2)Second approach to this is to index authorization meta data along with document in solr.Same as aitchnyu has explained.But to answer your query for document sharing to an external user,along with usergroup and role detail, you index these external user's userid into access_roles field or you can just add an another field to your schema 'access_user' too. Now you can modify search queries for external user's sharing to include access_user field into your filter query.
e.g
Now the most important thing, update to an indexed documents.Well its off course tedious task, but with careful design and async processing along with solrs partial document update feature(solr 4.0=>), you can achieve reasonably good TPS with solr. If you are using solr <4.0 you can have separate systems for both searching and updates and with care full use of load balancer and master slave replication strategies you will have smile on your face !
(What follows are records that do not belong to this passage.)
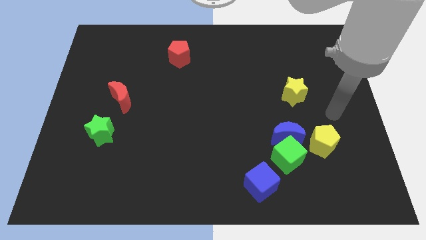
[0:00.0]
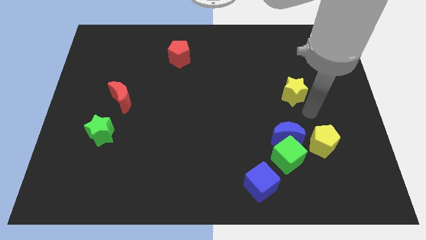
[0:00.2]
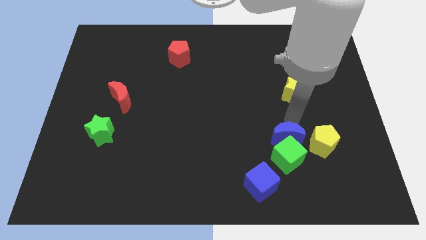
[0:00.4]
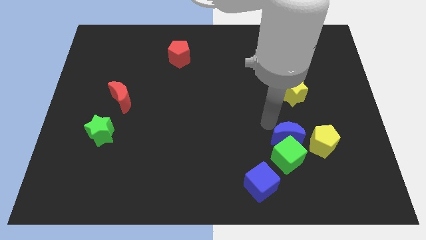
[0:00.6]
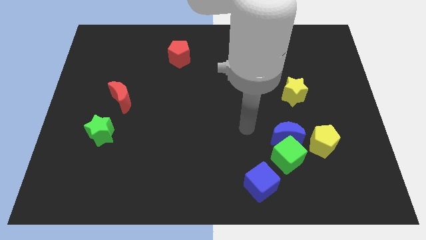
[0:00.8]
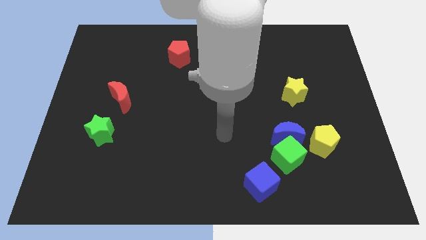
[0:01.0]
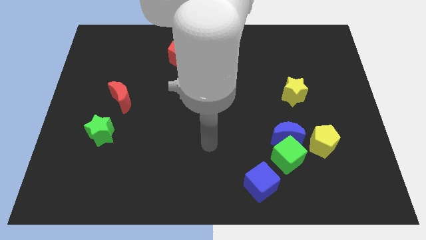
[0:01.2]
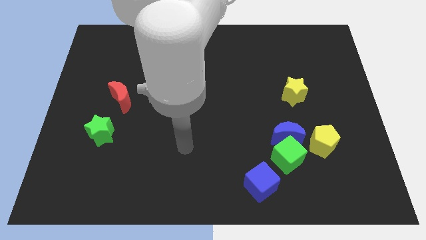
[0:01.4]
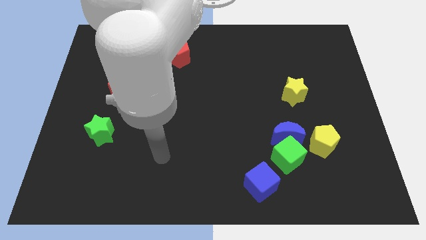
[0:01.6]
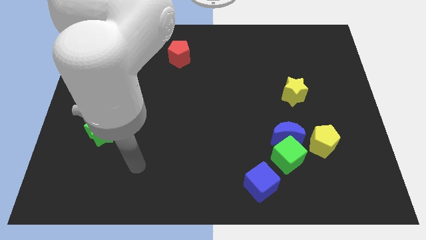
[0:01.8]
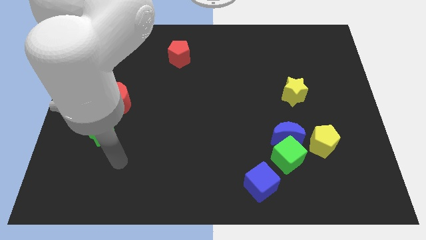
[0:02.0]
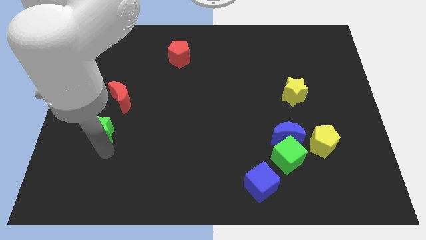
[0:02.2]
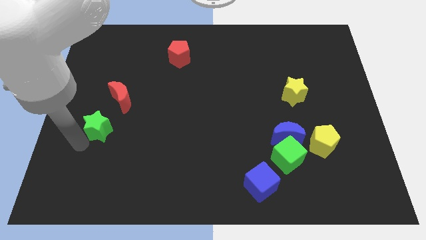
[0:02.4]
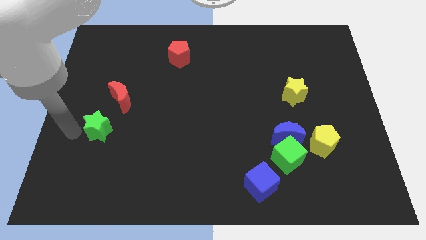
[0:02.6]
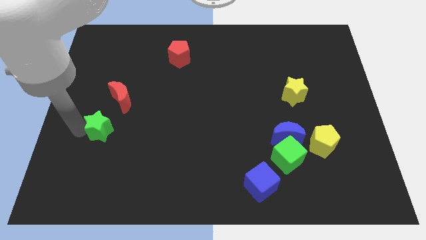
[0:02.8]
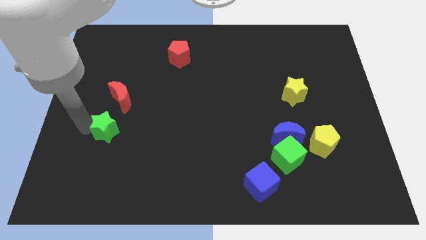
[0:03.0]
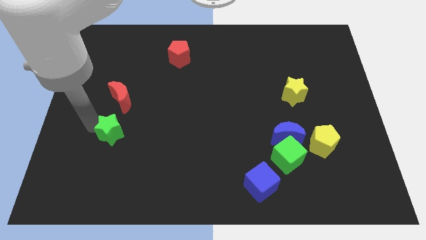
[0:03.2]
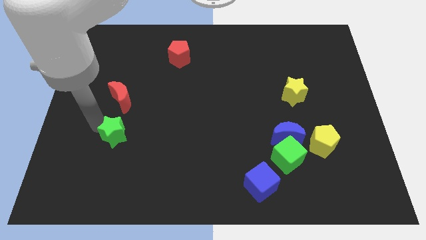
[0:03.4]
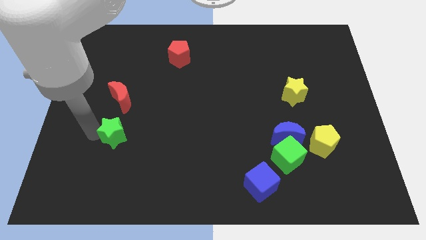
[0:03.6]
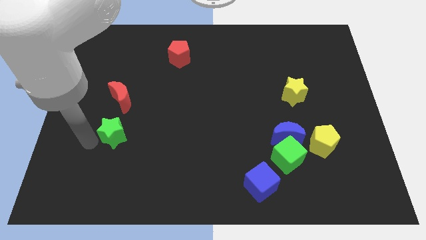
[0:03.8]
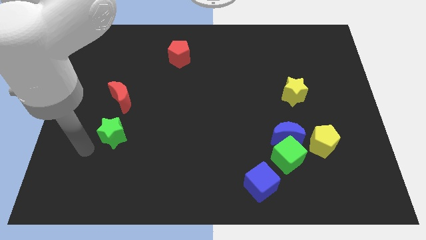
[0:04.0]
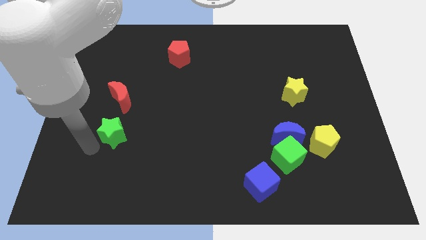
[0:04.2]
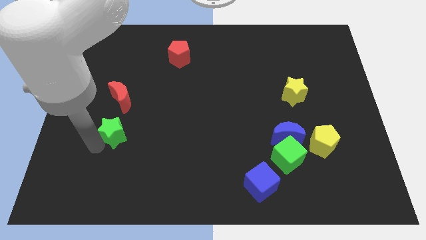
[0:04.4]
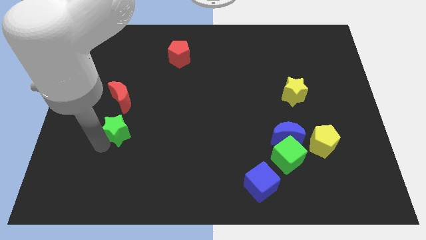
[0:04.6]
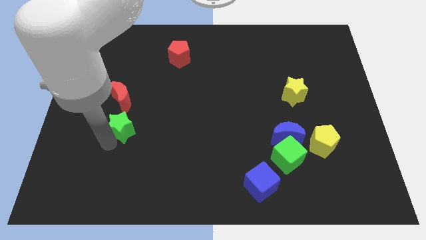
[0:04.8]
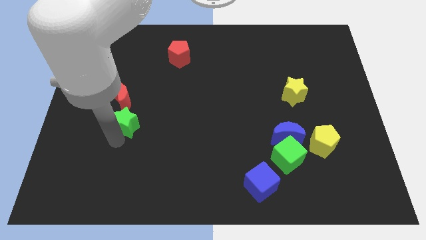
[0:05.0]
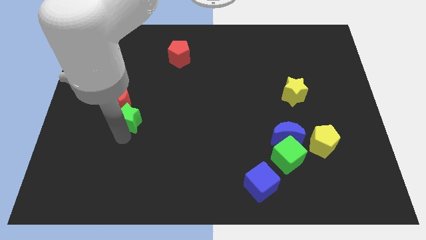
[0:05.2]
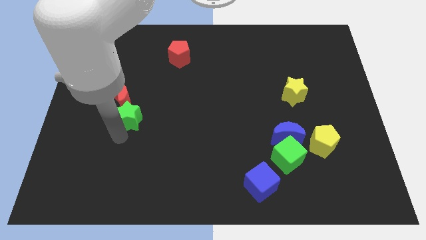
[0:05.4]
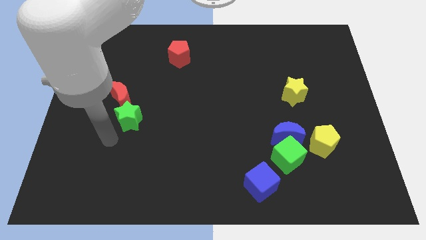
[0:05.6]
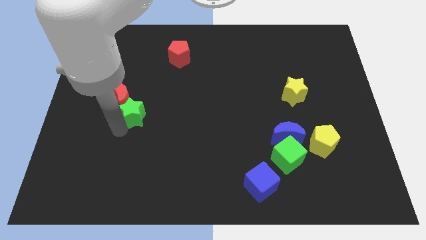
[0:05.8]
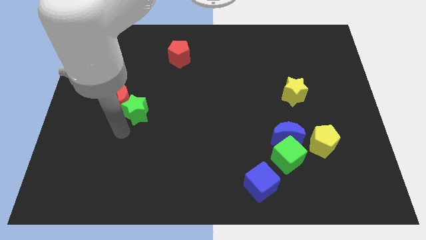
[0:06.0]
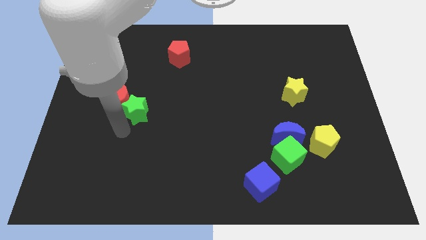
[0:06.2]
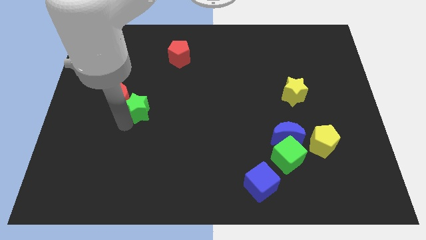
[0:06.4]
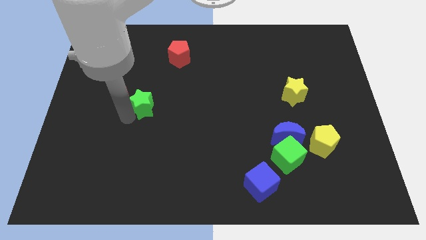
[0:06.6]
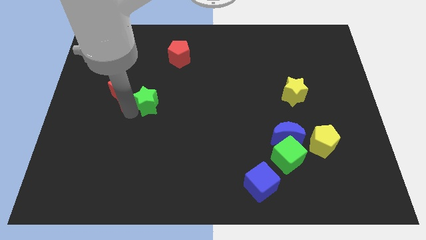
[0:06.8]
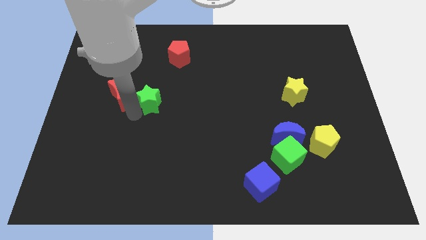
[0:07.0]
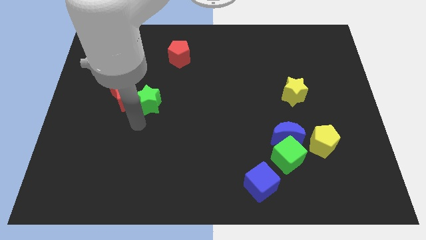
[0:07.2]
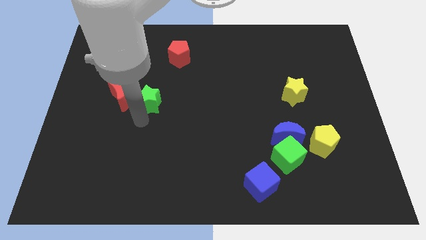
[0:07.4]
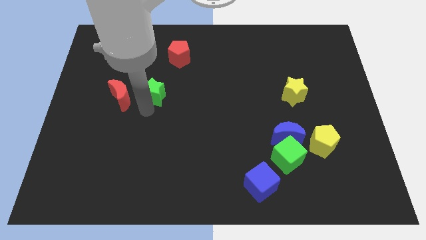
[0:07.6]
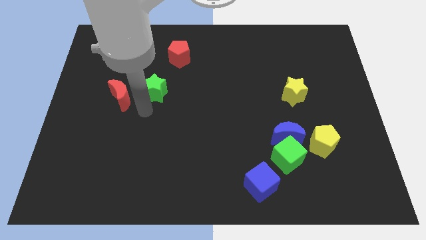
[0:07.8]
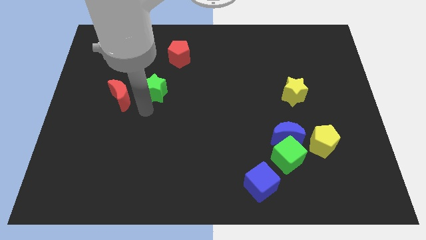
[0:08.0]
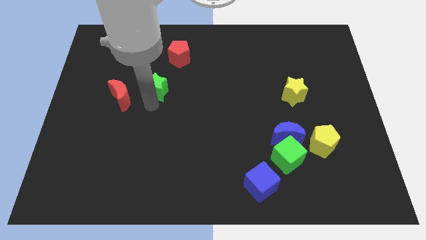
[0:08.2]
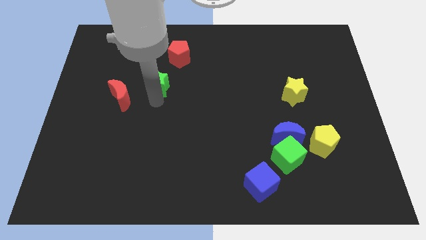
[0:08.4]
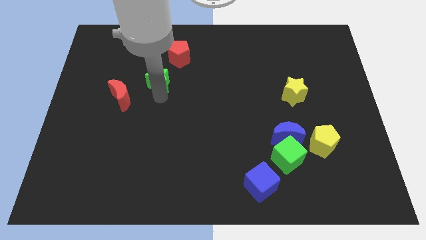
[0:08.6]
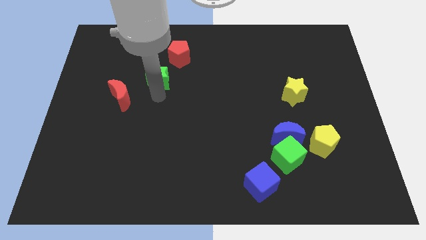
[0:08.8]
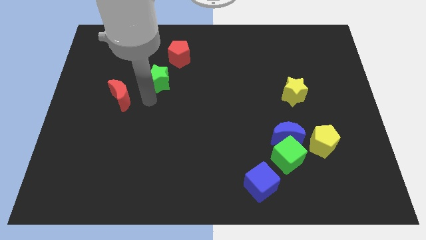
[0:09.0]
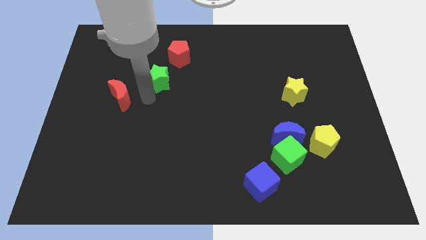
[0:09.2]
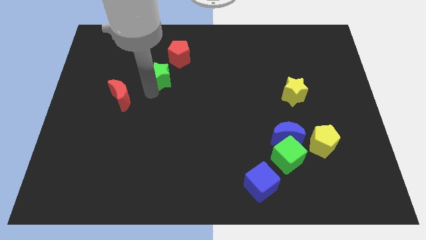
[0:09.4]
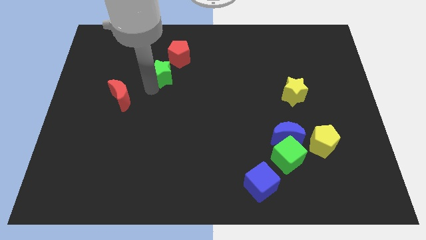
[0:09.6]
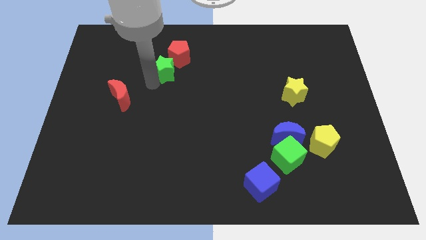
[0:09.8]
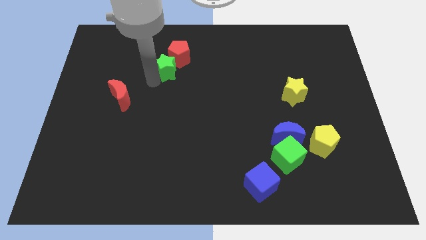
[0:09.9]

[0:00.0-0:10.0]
move the green star close to the red pentagon

据我所知,Solr 没有内置机制可以让您控制对文档的访问,而无需维护元数据的权限。如果您将其保留为真实的角色级别并且不向文档分配用户特定权限,则 aitchnyu 概述的方法似乎是合理的。这样您就可以为用户分配角色,这将使他们能够查看索引中的文档。当然,当角色发生变化时,您仍然需要重新索引文档,但希望您可以提前确定大多数所需的角色,并减少频繁重新索引的需要。
There are no built in mechanisms for Solr that I am aware of that will allow you to control access to documents without maintaining the rights in the metadata. The approach outlined by aitchnyu seems reasonable if you keep it a true role level and not assign user specific permissions to a document. That way you can assign roles to users and this will grant them the ability to see documents in the index. Granted you will still need to reindex documents when the roles change, but hopefully you can identify most of the needed roles ahead if time and reduce the need for frequent reindexing.